Violin Plot¶
Draw a combination of boxplot and kernel density estimate.
plot: 'violinplot'
Plot-Specific Parameters
hue(str, list, numpy.ndarray, pandas.core.indexes.base.Index, or None, default: None)Semantic variable that is mapped to determine the color of plot elements.
order(list or None, default: None)Order to plot the categorical levels in, otherwise the levels are inferred from the data objects.
hue_order(list or None, default: None)Specify the order of processing and plotting for categorical levels of the hue semantic.
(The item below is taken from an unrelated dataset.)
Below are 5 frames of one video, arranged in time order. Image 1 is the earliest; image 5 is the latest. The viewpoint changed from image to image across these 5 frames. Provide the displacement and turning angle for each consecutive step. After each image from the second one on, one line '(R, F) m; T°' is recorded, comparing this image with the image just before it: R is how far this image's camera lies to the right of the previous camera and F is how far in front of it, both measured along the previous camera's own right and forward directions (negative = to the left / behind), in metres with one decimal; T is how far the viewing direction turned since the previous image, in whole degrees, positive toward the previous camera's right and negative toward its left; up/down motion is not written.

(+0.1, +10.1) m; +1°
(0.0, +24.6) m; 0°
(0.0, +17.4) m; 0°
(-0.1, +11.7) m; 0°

orient(str or None, default: None)Orientation of the plot (vertical or horizontal). This is usually inferred based on the type of the input variables, but it can be used to resolve ambiguity when both x and y are numeric or when plotting wide-form data.
color(matplotlib.colors or None, default: None)Color for all of the elements, or seed for a gradient palette.
palette(str, list, matplotlib.colors.Colormap, or None, default: None)Method for choosing the colors to use when mapping the hue semantic. String values are passed to color_palette(). List values imply categorical mapping, while a colormap object implies numeric mapping.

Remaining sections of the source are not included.